I came across an interesting question in the QA section. The answer to it forced me to write this article as a more complete answer to the question “how to organize a search using a variety of parameters, like in a Yandex market, for example.”
I know that on Habré, and indeed there are many supporters of noSQL solutions (he himself is not without sin), but still I’m a supporter of first thinking, and only then choosing a solution.
So, what we have in "DANO"
- We have 120 checkboxes - option 1/0
- We have 30 "radio" with the choice of "yes / no / no matter"
- We have 2-3 sliders to indicate the price / size range of which the thread
- We have the most important thing: 12 million records in the database.
- We have Select * From tovar Where (wifi = true) and (led = false) and (type = 3) and ... the rest of the parameters ...; with a runtime close to the hysteria of the client.
The hysterics came from the understanding that it was necessary to process more than 100 requests per second, and for this you have to sell a “three rubles” with a view of the Kremlin and buy more iron.
')
So, we start to think about how to save a lot of money and put a part in your pocket in the form of a bonus.
I want to note right away that we are not aiming to get a list of the necessary lines from the database. We need to do prefiltration to speed up the search and filtering process.
Checkboxes
To begin with, all our checkboxes, which have only 2 variants of meaning, we will convert into bits and group them into one “number”. In our case, this number will be 120 bit (128 bit for even counting). This will be our first "index". According to it, we can always filter out those products that meet our conditions. In practice, on average, such goods are not more than 10 thousand for the entire base. The remaining parameters can already be viewed only in these 10 thousand products, and not to “shovel” the entire base.
Ranges
Any range (height, weight, waist, bust volume) can be divided into intervals and numbered. Divide into 256 parts. The figure is taken "from the ceiling." In any case, for the range of $ 100 - $ 1200, we get 2 numbers. If we take $ 1 - $ 100 with a maximum of $ 25,500, then we can write our range as 2 | 12 - in fact, this is a 16-bit number. We will have such numbers according to the number of possible ranges. If there are less than a few, then we’ll stop at this, if there are 100-10000, then everything is more complicated. We can not adequately quickly search for 200-20000 bit key. And we will not, we just calculate it md5, and to speed up the process we will also convert everything into a 128-bit number (some miserable 16 bytes). Combined with a lot of checkboxes, we get an even more accurate sample.
Yes / No / Not Important
Algorithm for finding data values with add. the “not important” parameter is almost similar to the option with checkboxes, except that we write only yes / no in the 1 index (and 0, when choosing “not important”).
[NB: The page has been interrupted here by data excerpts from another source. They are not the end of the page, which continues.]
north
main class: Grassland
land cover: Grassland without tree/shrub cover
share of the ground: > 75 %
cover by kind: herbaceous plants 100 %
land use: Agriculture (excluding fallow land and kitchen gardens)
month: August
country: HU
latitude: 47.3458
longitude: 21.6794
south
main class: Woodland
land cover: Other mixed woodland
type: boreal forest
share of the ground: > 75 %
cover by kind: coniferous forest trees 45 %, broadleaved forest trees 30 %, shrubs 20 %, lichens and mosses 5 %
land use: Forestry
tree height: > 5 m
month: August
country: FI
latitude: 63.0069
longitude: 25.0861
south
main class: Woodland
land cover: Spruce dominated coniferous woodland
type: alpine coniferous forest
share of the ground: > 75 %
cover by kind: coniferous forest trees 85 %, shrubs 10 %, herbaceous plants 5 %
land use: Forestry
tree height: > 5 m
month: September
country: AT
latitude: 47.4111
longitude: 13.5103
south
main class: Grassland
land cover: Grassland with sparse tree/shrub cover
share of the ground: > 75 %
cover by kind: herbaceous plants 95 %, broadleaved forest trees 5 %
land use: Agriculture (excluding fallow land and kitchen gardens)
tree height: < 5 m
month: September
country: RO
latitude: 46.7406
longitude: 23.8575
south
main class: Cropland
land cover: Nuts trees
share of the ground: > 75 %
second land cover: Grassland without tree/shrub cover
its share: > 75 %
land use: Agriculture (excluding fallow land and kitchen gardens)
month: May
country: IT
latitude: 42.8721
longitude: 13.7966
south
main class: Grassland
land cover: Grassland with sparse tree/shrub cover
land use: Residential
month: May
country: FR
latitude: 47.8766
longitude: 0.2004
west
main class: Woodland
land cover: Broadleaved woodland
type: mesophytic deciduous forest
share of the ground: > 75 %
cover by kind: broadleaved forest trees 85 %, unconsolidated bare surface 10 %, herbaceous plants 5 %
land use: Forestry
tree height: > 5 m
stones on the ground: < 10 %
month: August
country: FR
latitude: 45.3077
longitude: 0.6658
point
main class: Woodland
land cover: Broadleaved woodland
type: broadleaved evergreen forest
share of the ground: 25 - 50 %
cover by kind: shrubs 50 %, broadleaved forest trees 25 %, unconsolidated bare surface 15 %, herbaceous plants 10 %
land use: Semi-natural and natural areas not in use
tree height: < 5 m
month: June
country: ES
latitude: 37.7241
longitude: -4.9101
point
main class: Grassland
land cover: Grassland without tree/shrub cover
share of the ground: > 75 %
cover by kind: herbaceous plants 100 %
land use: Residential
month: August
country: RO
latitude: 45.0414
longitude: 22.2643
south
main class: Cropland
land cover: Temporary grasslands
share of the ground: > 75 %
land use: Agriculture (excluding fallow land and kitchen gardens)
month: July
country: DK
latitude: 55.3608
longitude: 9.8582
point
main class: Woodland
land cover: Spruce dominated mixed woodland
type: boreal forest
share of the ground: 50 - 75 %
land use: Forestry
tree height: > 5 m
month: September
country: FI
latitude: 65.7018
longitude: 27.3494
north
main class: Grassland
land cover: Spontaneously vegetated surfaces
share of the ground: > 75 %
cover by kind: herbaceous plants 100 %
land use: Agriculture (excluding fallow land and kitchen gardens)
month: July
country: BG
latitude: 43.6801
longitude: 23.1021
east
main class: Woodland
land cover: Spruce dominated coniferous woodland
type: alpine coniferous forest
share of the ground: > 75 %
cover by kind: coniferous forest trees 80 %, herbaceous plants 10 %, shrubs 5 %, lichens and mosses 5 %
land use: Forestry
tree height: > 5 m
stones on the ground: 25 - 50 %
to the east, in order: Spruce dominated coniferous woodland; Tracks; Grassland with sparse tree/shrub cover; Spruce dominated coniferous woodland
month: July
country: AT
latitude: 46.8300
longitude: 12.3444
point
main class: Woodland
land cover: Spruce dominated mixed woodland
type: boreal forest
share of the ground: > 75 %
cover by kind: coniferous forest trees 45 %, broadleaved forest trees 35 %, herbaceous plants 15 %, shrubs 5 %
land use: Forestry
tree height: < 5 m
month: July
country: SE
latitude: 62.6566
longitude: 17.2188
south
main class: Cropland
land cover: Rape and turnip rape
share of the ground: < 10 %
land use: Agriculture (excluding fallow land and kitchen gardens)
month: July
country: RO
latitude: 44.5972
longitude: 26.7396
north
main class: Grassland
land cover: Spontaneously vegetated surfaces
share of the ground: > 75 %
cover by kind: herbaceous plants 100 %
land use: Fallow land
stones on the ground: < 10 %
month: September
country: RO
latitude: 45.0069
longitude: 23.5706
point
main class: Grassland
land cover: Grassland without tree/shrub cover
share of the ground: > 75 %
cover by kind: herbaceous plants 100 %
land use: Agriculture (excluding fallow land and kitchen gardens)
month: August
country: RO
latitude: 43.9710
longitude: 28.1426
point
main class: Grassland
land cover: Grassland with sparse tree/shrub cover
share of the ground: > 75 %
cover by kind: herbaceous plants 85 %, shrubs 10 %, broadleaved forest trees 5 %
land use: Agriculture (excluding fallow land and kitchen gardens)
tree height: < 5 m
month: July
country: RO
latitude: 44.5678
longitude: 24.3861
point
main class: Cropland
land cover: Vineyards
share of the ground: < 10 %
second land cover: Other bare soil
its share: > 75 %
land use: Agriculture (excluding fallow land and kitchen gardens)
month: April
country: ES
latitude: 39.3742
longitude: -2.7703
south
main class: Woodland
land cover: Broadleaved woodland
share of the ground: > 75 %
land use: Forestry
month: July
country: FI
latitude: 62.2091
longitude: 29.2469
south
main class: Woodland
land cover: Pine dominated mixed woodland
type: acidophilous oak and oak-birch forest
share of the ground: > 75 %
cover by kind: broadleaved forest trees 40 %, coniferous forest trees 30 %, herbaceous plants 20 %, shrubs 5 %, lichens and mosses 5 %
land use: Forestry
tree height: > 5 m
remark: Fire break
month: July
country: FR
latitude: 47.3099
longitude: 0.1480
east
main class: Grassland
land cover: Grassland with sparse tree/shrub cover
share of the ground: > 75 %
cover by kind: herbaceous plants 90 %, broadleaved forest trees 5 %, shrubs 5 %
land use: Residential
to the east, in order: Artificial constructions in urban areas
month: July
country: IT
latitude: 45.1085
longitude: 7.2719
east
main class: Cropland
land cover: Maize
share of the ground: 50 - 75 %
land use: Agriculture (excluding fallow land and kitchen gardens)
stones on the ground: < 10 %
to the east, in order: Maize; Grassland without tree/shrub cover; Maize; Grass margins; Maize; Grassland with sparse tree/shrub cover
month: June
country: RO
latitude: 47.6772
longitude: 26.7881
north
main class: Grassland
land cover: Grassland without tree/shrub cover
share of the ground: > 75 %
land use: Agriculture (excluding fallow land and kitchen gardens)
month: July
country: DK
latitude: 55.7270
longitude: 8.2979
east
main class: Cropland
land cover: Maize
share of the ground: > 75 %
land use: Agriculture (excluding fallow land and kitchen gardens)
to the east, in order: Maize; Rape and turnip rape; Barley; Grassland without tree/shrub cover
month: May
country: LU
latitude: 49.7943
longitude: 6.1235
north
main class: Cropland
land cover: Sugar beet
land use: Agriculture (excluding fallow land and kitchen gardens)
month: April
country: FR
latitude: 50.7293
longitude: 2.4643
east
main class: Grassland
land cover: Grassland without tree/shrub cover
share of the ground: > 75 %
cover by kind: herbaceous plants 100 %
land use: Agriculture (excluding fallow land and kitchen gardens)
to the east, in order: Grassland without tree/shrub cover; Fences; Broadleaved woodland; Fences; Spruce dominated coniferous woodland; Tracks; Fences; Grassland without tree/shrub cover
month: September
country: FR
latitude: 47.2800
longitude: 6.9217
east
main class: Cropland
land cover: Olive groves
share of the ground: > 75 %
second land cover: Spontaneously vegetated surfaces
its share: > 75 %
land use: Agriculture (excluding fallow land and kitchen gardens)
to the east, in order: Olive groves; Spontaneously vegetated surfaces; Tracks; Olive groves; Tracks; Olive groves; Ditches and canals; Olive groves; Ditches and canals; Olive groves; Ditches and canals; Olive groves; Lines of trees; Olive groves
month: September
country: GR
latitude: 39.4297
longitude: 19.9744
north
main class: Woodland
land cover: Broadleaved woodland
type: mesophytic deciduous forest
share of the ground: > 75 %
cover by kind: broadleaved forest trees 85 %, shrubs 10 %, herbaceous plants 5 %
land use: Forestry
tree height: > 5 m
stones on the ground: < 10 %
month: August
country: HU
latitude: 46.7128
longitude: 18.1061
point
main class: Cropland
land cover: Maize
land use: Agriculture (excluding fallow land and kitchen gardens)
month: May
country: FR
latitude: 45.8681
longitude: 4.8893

In the second index, we will put 0 for the “not important” variant and 1 for any other.
Total we get 2 indexes:1 index: 01010000001010101010001
2 index: 01111101110111101110111
Homework will be build through Xor | And | Or request in which we reset all insignificant bits on index 2 and compare with index 1.So, we from 12 million records found 0-100-500 suitable under conditions. These records are already worth checking in their entirety (120 bit checkbox field, range and “Yes / no / no matter”). Agree that a complete check among a couple of hundred lines is much faster than a full search.
...
Profit !!!
The variant with the conversion of a long key into a short one, by, say, encryption, is sufficiently convenient for carrying out data prefiltration. At the same time, if we work with SQL, then the prefilter sample can be stored in MemTable for acceleration and full filtering can be carried out with this data.
A similar algorithm is used by us and in the filter of texts by shingles, when from the checksum we get a 32-bit number, which is faster to compare than 128-bit ones.
A similar technique works in one specialized document storage system, which allows, in microseconds, to find in 2.2Gb text databases links to documents where the search word or phrase is located. But, about this in a little more detail in another article.